> **WHAT TO PRODUCE**
Copy each line below as written, but skip the pictures.

══════════════════════════════

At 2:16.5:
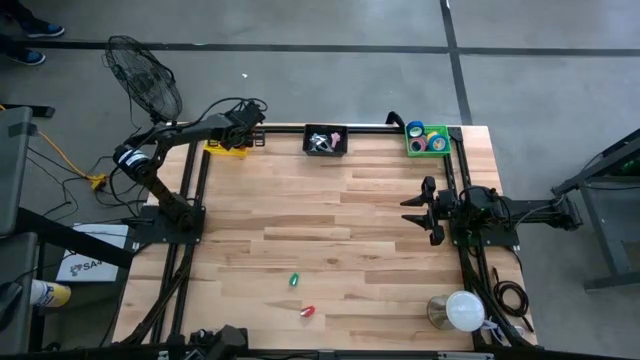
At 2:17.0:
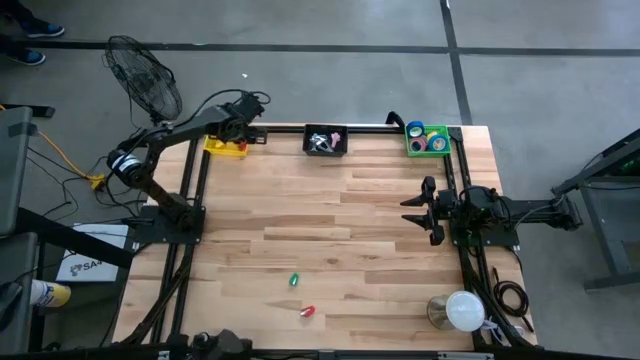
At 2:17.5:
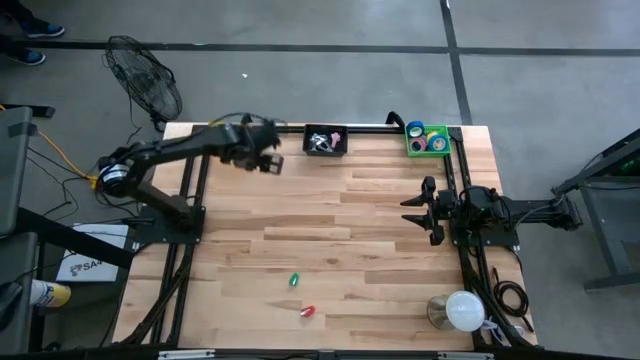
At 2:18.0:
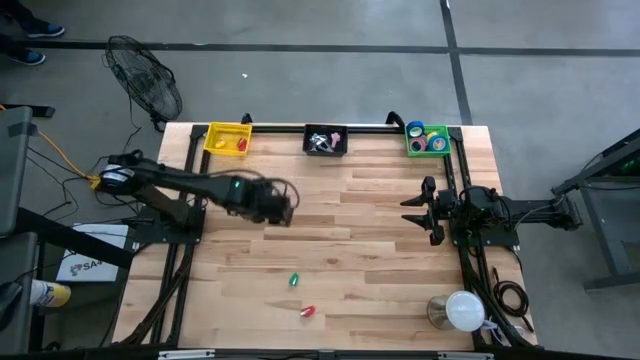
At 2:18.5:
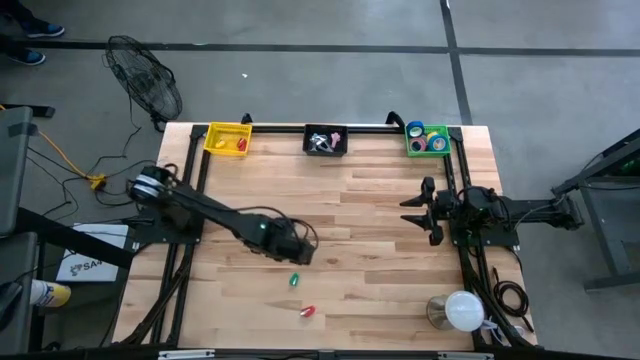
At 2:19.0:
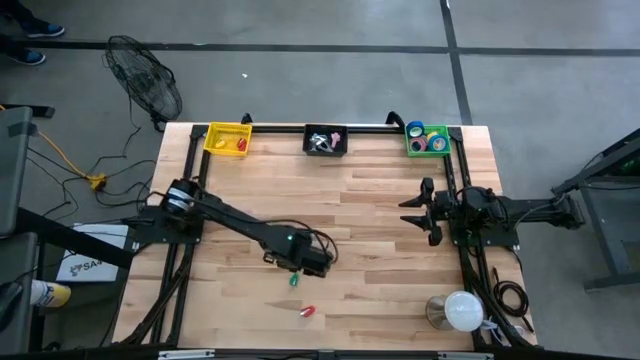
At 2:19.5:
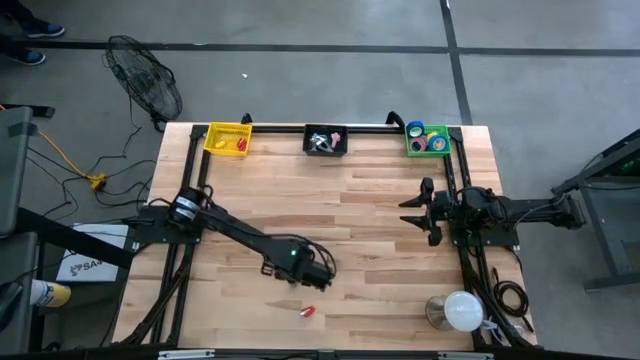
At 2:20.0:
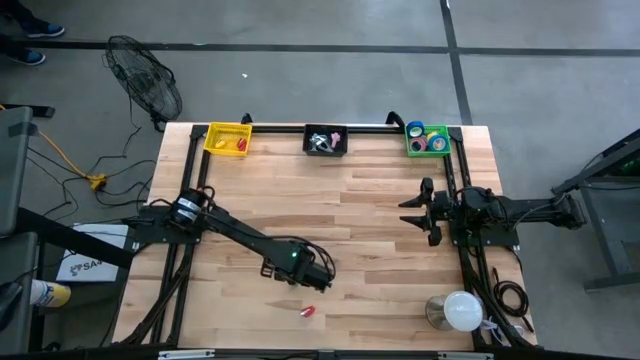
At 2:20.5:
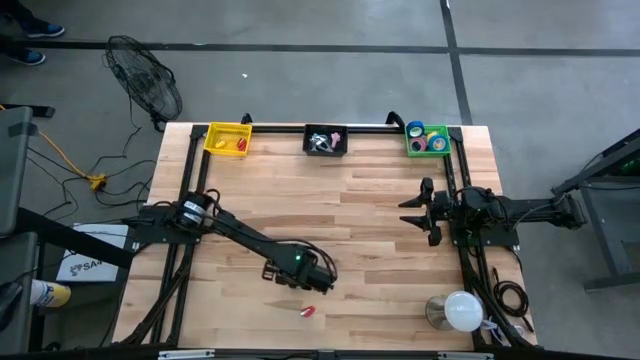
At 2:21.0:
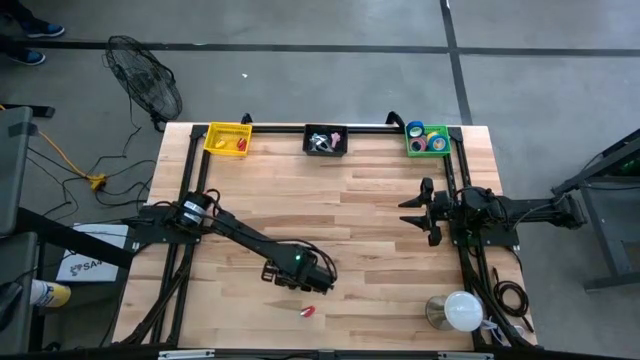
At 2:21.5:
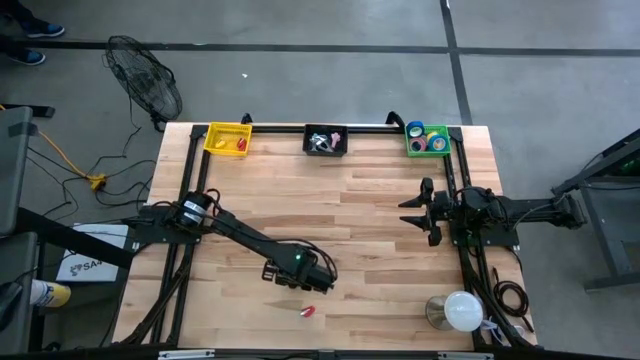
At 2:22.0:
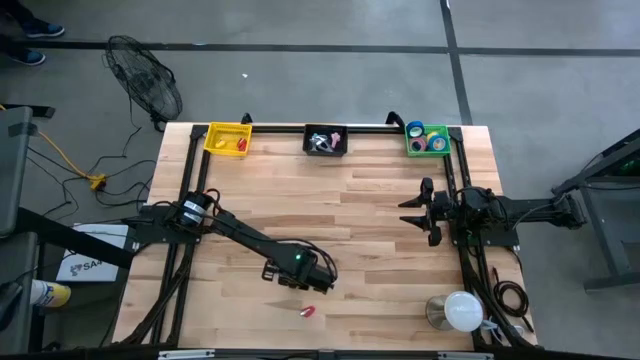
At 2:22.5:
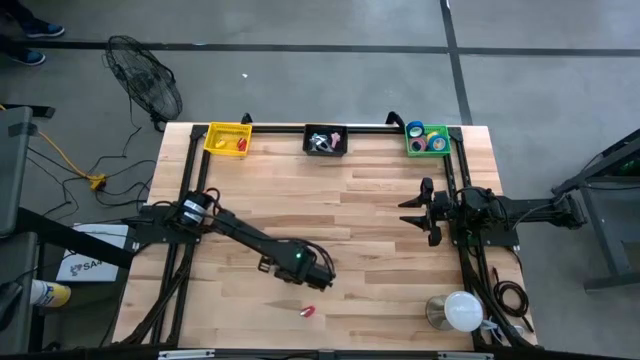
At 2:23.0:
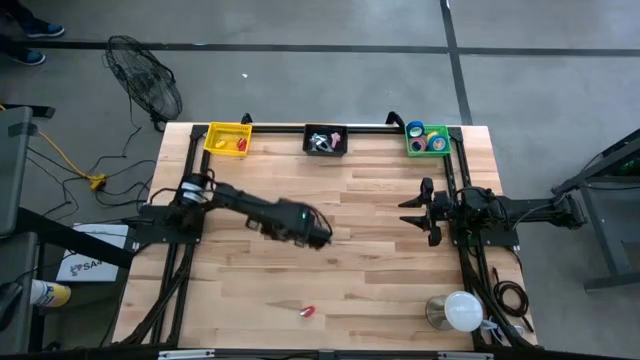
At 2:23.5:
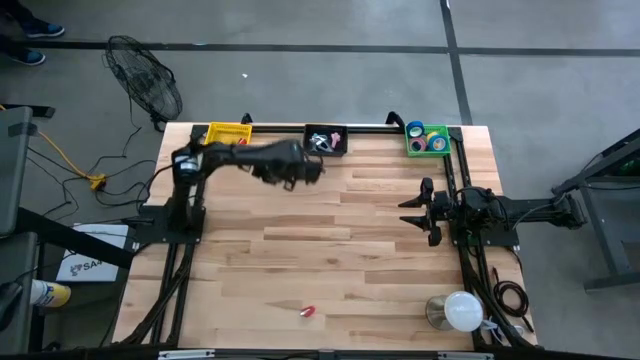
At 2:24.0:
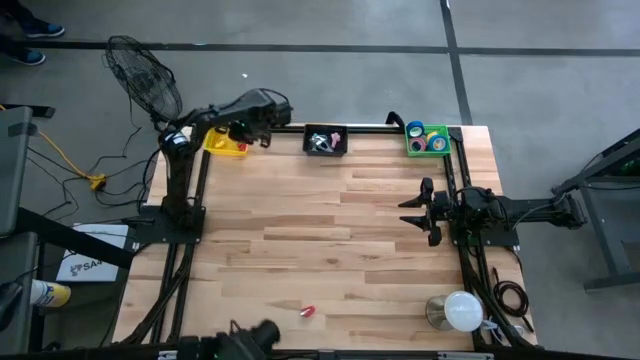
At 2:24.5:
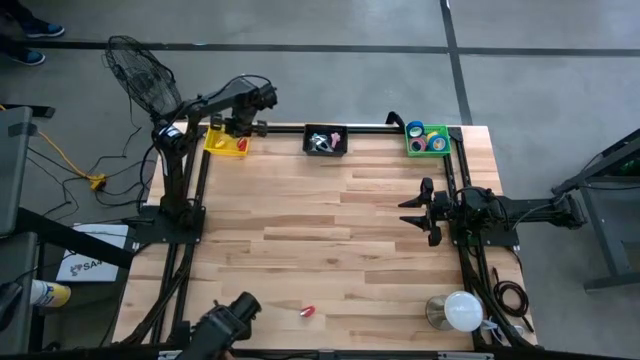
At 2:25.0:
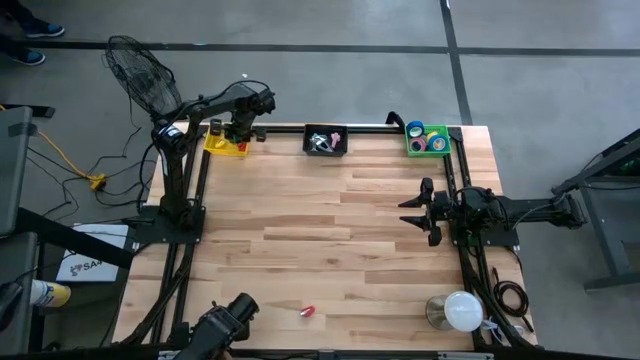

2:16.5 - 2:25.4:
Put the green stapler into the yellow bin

══════════════════════════════

> **OUTPUT OF THE TASK**
At 2:16.5:
At 2:17.0:
At 2:17.5:
At 2:18.0:
At 2:18.5:
At 2:19.0:
At 2:19.5:
At 2:20.0:
At 2:20.5:
At 2:21.0:
At 2:21.5:
At 2:22.0:
At 2:22.5:
At 2:23.0:
At 2:23.5:
At 2:24.0:
At 2:24.5:
At 2:25.0:

2:16.5 - 2:25.4:
Put the green stapler into the yellow bin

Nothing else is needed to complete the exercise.